[Start of Attachment]
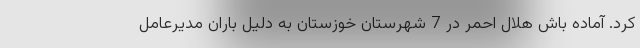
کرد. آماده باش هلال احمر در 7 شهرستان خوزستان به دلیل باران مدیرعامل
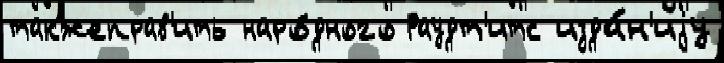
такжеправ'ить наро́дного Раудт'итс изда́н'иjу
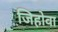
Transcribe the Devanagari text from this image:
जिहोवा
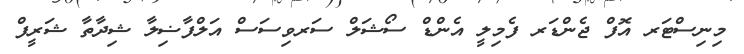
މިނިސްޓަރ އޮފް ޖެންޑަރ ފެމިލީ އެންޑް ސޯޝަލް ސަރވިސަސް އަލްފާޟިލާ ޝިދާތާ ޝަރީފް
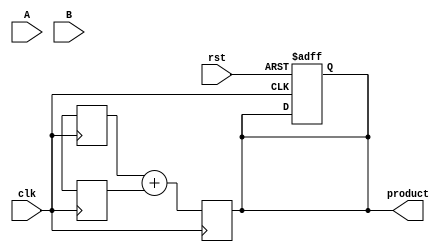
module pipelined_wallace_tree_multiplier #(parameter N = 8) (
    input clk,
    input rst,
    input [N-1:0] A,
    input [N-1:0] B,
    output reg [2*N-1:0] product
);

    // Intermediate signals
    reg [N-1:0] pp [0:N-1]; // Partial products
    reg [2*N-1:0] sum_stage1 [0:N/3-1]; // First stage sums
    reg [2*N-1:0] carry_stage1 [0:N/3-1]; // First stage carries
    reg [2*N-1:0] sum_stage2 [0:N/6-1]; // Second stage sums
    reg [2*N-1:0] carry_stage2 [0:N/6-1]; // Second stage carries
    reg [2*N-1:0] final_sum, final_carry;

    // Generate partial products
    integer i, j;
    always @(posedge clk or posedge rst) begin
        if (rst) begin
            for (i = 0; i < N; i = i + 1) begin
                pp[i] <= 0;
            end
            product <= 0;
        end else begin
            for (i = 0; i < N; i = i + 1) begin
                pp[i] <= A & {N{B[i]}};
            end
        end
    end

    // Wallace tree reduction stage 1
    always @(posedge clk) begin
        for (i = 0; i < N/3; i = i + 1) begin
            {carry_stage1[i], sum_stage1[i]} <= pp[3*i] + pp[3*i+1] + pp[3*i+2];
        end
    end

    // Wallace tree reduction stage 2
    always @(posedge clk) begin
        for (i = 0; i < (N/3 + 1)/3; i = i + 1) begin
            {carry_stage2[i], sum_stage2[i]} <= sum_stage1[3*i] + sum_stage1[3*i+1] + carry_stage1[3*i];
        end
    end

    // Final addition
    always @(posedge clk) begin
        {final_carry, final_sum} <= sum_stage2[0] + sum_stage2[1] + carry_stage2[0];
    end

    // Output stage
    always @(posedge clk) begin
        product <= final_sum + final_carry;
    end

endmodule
[End of Attachment]
### What you have to do
Every line of the listing that includes "Second" must be shown.

### Result for this exercise
    reg [2*N-1:0] sum_stage2 [0:N/6-1]; // Second stage sums
    reg [2*N-1:0] carry_stage2 [0:N/6-1]; // Second stage carries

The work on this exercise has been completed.